_Exercise brief_. From the line with "tree height: > 5 m" to the final line of the data below, please write out every line exactly, with no pictures.

Data records:
• • •

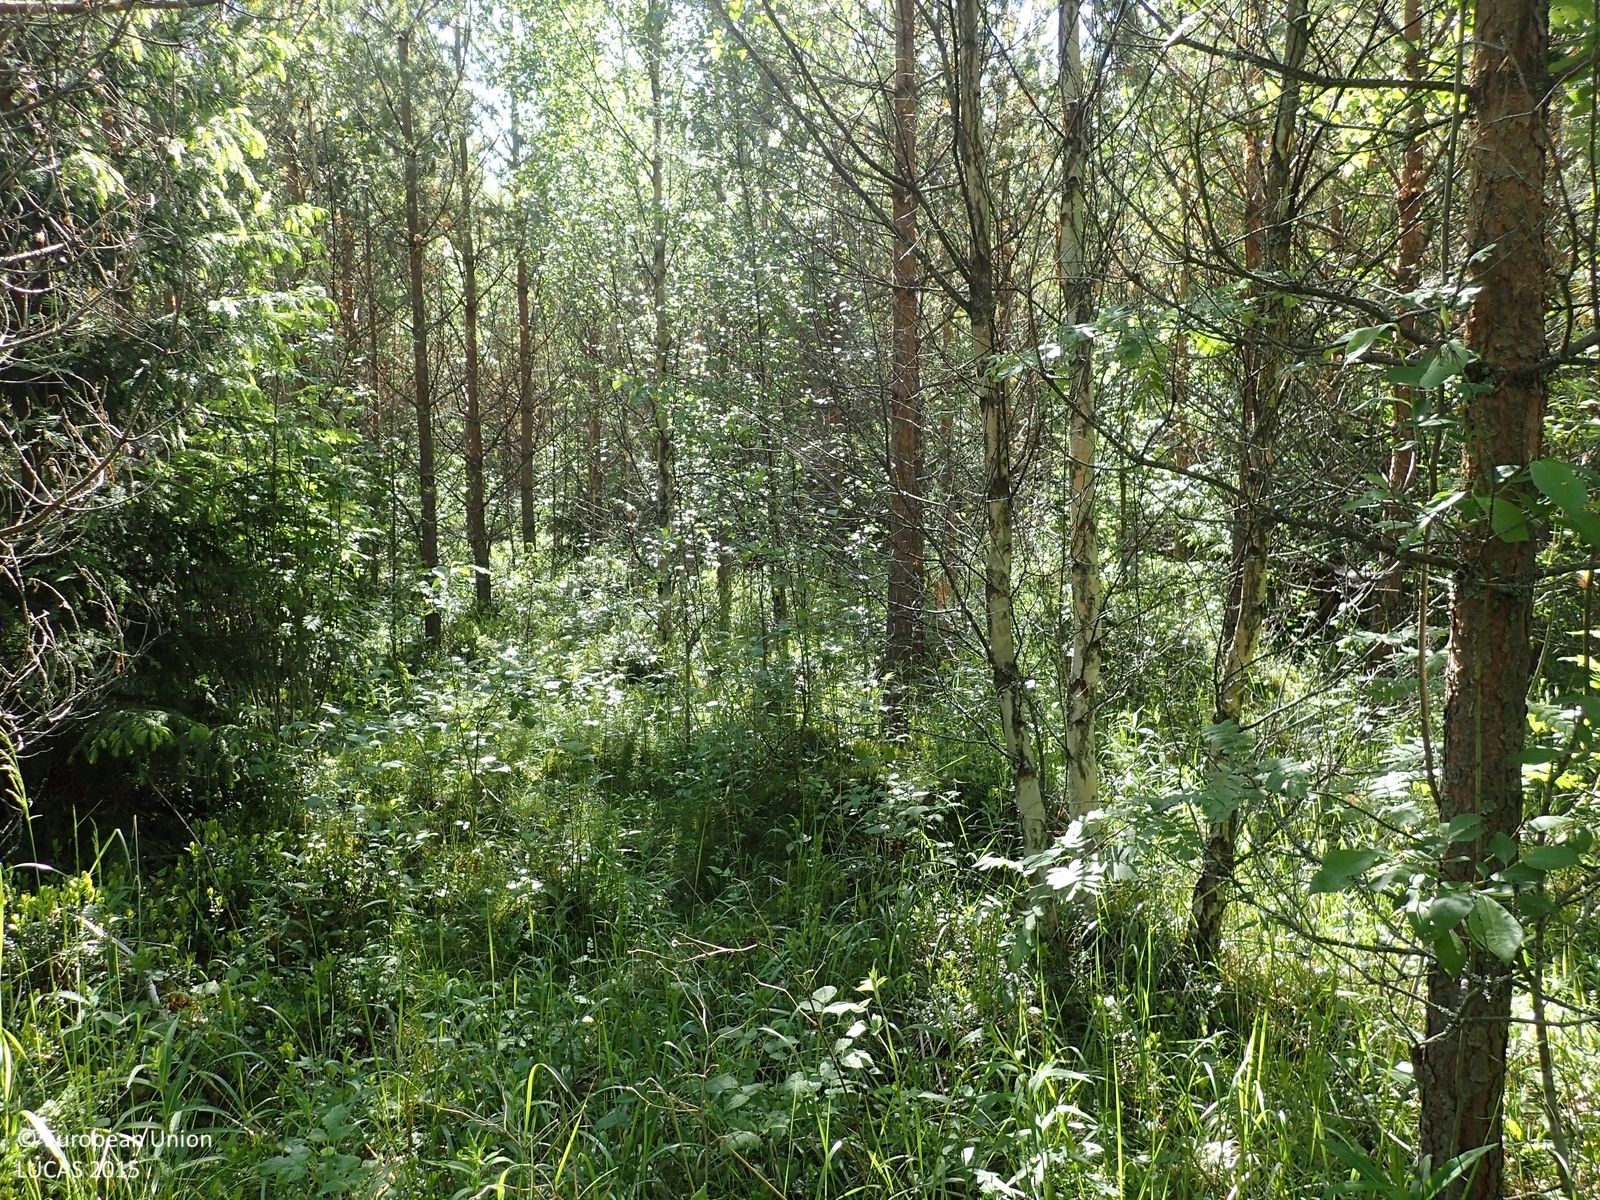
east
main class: Woodland
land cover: Pine dominated mixed woodland
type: boreal forest
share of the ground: > 75 %
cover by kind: coniferous forest trees 60 %, broadleaved forest trees 25 %, herbaceous plants 15 %
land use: Forestry
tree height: > 5 m
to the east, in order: Pine dominated mixed woodland; Ditches and canals; Broadleaved woodland; Ditches and canals; Shruby margins; Paved roads, cycling and walking lanes; Grass margins; Ditches and canals; Shruby margins; Electric lines; Shruby margins; Artificial constructions in urban areas; Broadleaved woodland; Electric lines; Broadleaved woodland
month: June
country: FI
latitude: 62.4000
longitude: 21.3611
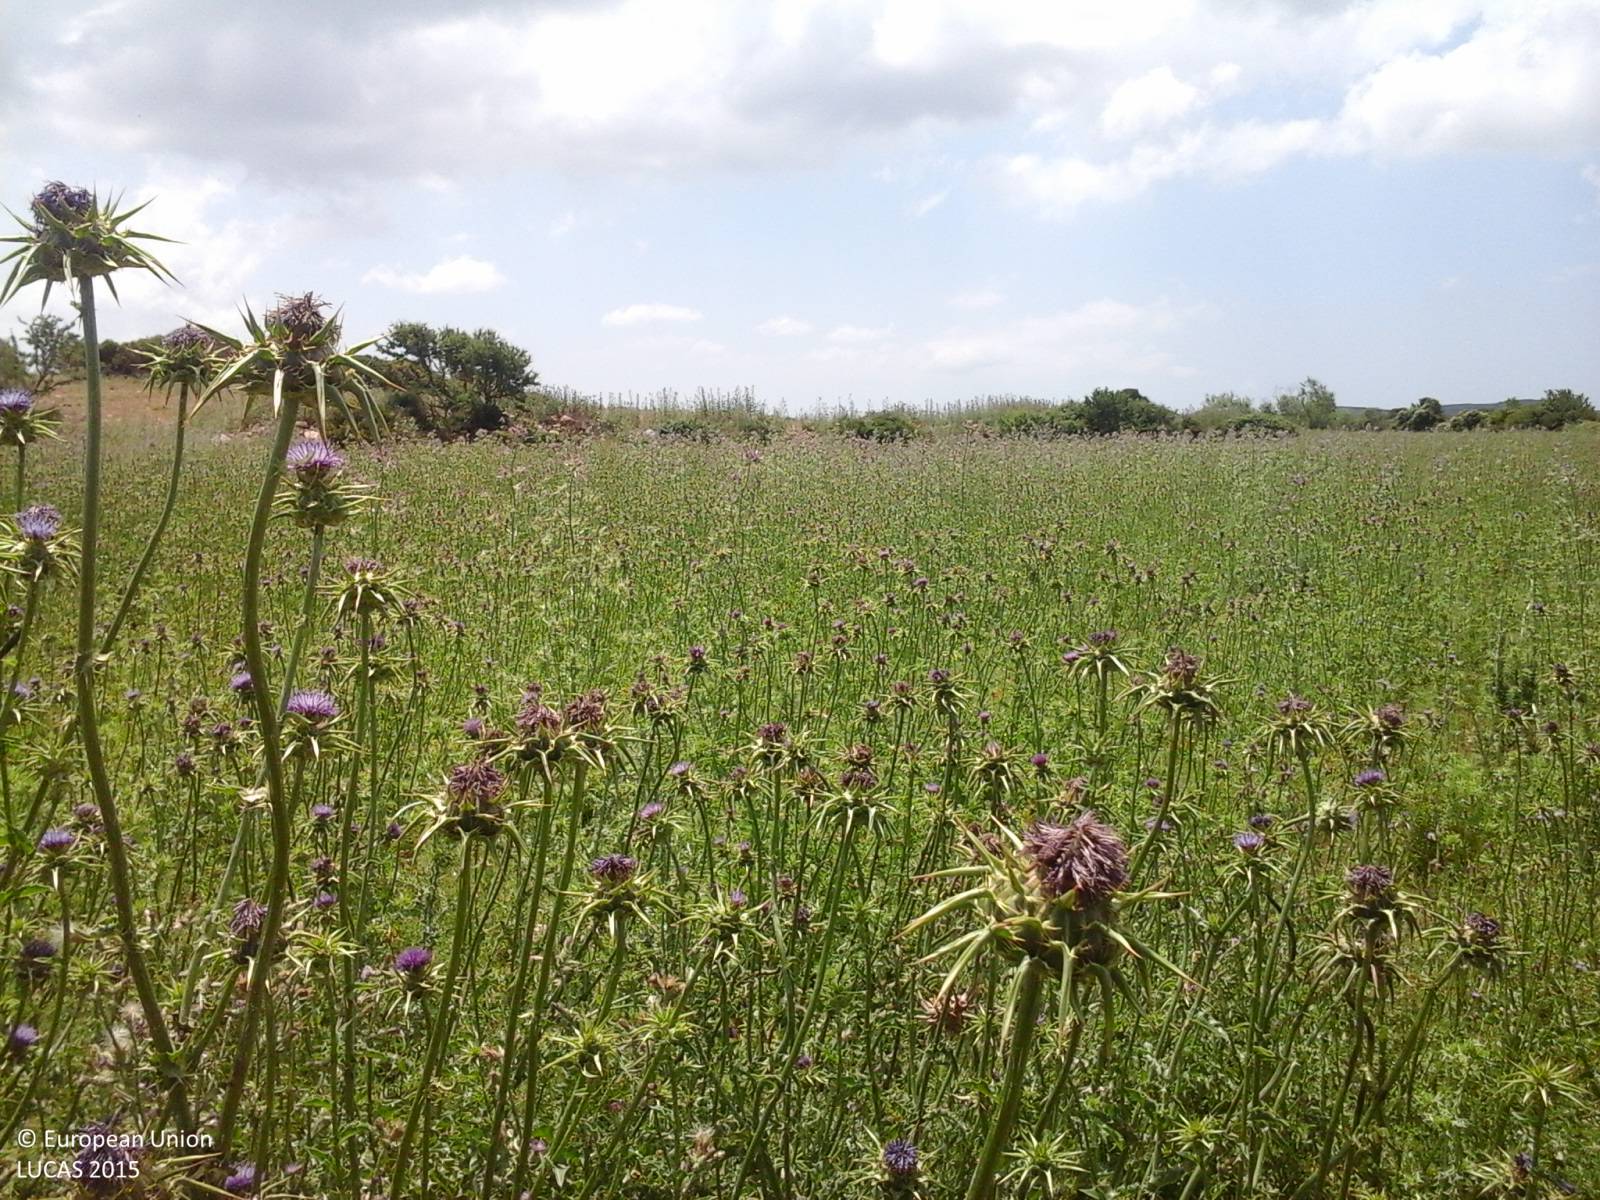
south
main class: Grassland
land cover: Spontaneously vegetated surfaces
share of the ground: > 75 %
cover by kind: herbaceous plants 50 %, shrubs 5 %, unconsolidated bare surface 5 %
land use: Agriculture (excluding fallow land and kitchen gardens)
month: May
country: IT
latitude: 40.7428
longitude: 8.3853

• • •

_Answer box_.
tree height: > 5 m
to the east, in order: Pine dominated mixed woodland; Ditches and canals; Broadleaved woodland; Ditches and canals; Shruby margins; Paved roads, cycling and walking lanes; Grass margins; Ditches and canals; Shruby margins; Electric lines; Shruby margins; Artificial constructions in urban areas; Broadleaved woodland; Electric lines; Broadleaved woodland
month: June
country: FI
latitude: 62.4000
longitude: 21.3611
south
main class: Grassland
land cover: Spontaneously vegetated surfaces
share of the ground: > 75 %
cover by kind: herbaceous plants 50 %, shrubs 5 %, unconsolidated bare surface 5 %
land use: Agriculture (excluding fallow land and kitchen gardens)
month: May
country: IT
latitude: 40.7428
longitude: 8.3853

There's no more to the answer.